Massingill: I'd probably really focus on two issues. One, an internal issue and one, an external issue. Let's talk about the internal one first. All companies in this particular industry for application software must develop some level of personality, and that personality is really what keeps your people focused on attaining the mission. We're not companies -- and J.D. Edwards is certainly not [just] a company that's built on millions of dollars of capital assets.

We're built upon the strength of the personnel that we have working in this company. We're really nothing more than a very labor-intensive manufacturing company, and what we focus on at J.D. Edwards, from an internal point, is establishing and maintaining a very strong and very productive corporate culture. And from an internal challenge standpoint, that's a huge challenge that we have.

When we were a very small software company -- say 100 employees -- developing and maintaining a culture was not that difficult because you saw everybody every day. But once you're running a $950 million company, with offices all around the world, with 5,000 people, the maintenance of this particular culture is a huge effort that is required by all of the management team and all of the employees at J.D. Edwards.

InfoWorld: What's your external challenge?

Massingill: The challenge that we have right now is addressing the industry as it exists today. J.D. Edwards has been one of the few software companies that's ever been able to transform itself. We moved from being an AS/400-only vendor that addressed a specific set of customers in a specific market space. And what we've been able to do is transform our technology and transform our product line, and really transform our entire focus so that now we're addressing a much larger audience and marketplace with a very robust product.

Now, the challenge that we have right now is really meeting the needs of this new marketplace. And we think that the needs of this marketplace are changing very, very rapidly.

InfoWorld: You recently launched your ActivEra product architecture.

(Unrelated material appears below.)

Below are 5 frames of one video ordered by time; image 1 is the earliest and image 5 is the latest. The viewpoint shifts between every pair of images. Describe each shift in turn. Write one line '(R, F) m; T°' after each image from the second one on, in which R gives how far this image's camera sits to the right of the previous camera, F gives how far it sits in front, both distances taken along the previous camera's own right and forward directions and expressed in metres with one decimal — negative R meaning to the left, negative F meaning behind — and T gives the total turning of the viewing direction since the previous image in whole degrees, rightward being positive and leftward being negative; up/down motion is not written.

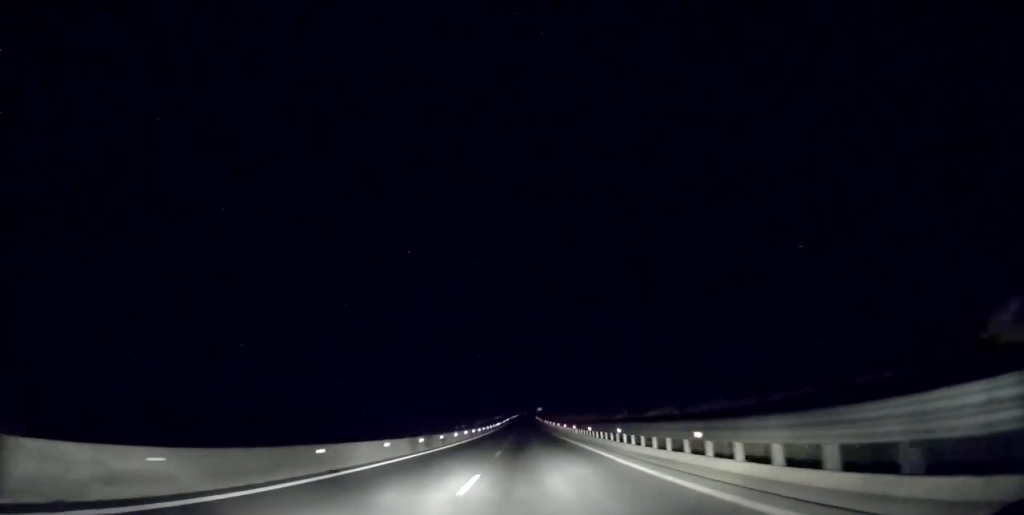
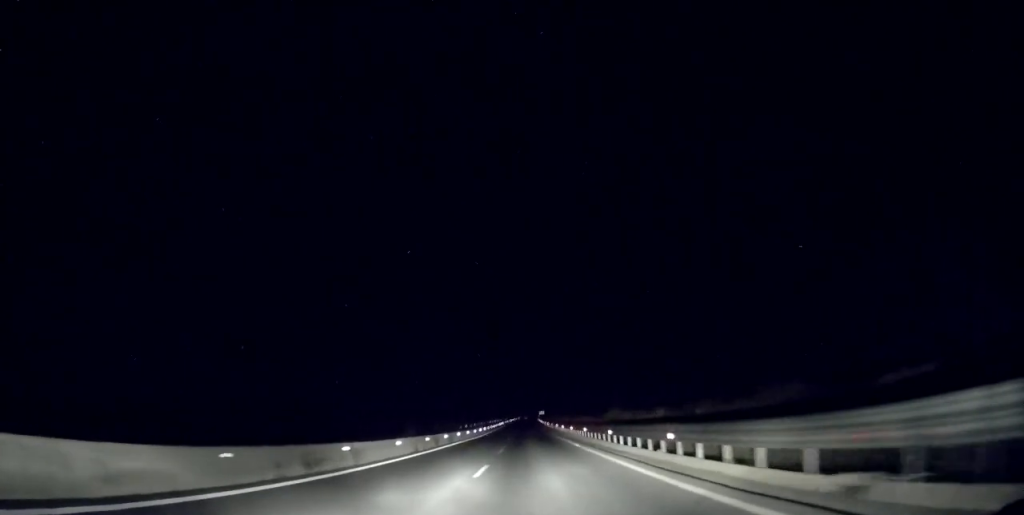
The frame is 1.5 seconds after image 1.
(-0.4, +46.2) m; -1°
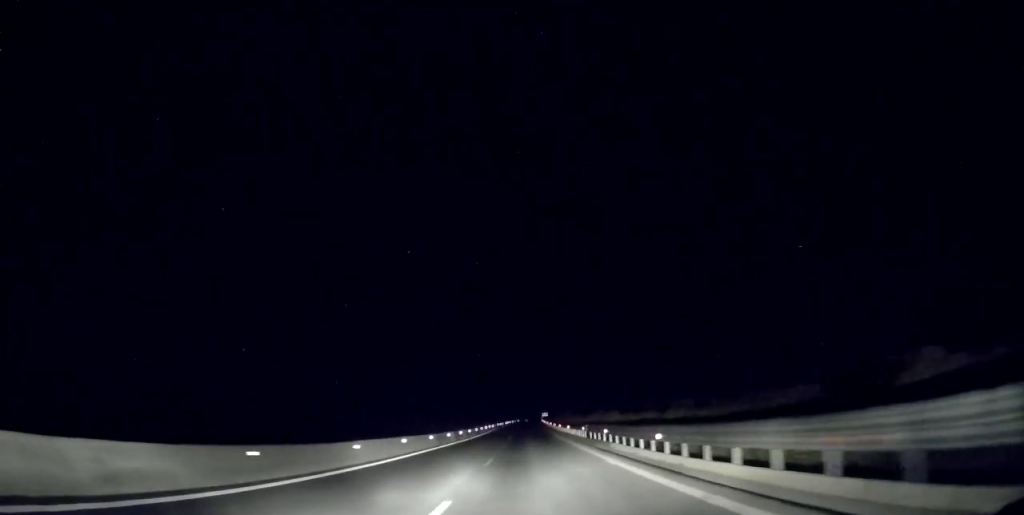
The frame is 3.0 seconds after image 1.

What is your selling point against, let's say SAP or Oracle or PeopleSoft?

Massingill: I think that the focal point today in the marketplace is an issue of flexibility. What sets J.D. Edwards apart from this very strong competition is the fact that our product is going to remain a solution after it's been implemented. And the only way that that can happen is to make sure that you can react to these changing business environments and be as flexible as you possibly can. We see that what's happened, especially in the larger competitors, is that we put some very capable and very feature-rich systems in place, but they're not adapting themselves to the changing business climate.

Now we think that we can compete very effectively with a concept that we call "Idea to Action." And this is a focal point of our software that says that we ought to be able to enable action, like on new business ideas, and allow a customer to put that into an actionable state into the software.

We just went through a period of time in the 1990s that are really characterized as the decade of re-engineering. And re-engineering is a very good thing, but what it really focuses on is establishing a set of business practices that are static.

And we've seen this emergence of what has been called 'best business practices.' And those are very good, and for companies that have not been operating on a process-based model and really focused on these best business practices, that's a very good evolution.

But once you're there and once you have these business processes in place, the real, real focus of the industry and the software must be your ability to react to the marketplace and your ability to change after that point in time.

And it's really a focus in the future on what the next-best business practice is. It's been a quote that we recently got from Jack Welch at General Electric that says that if the rate of change inside your business is slower than the rate of change outside your business, then the end is near.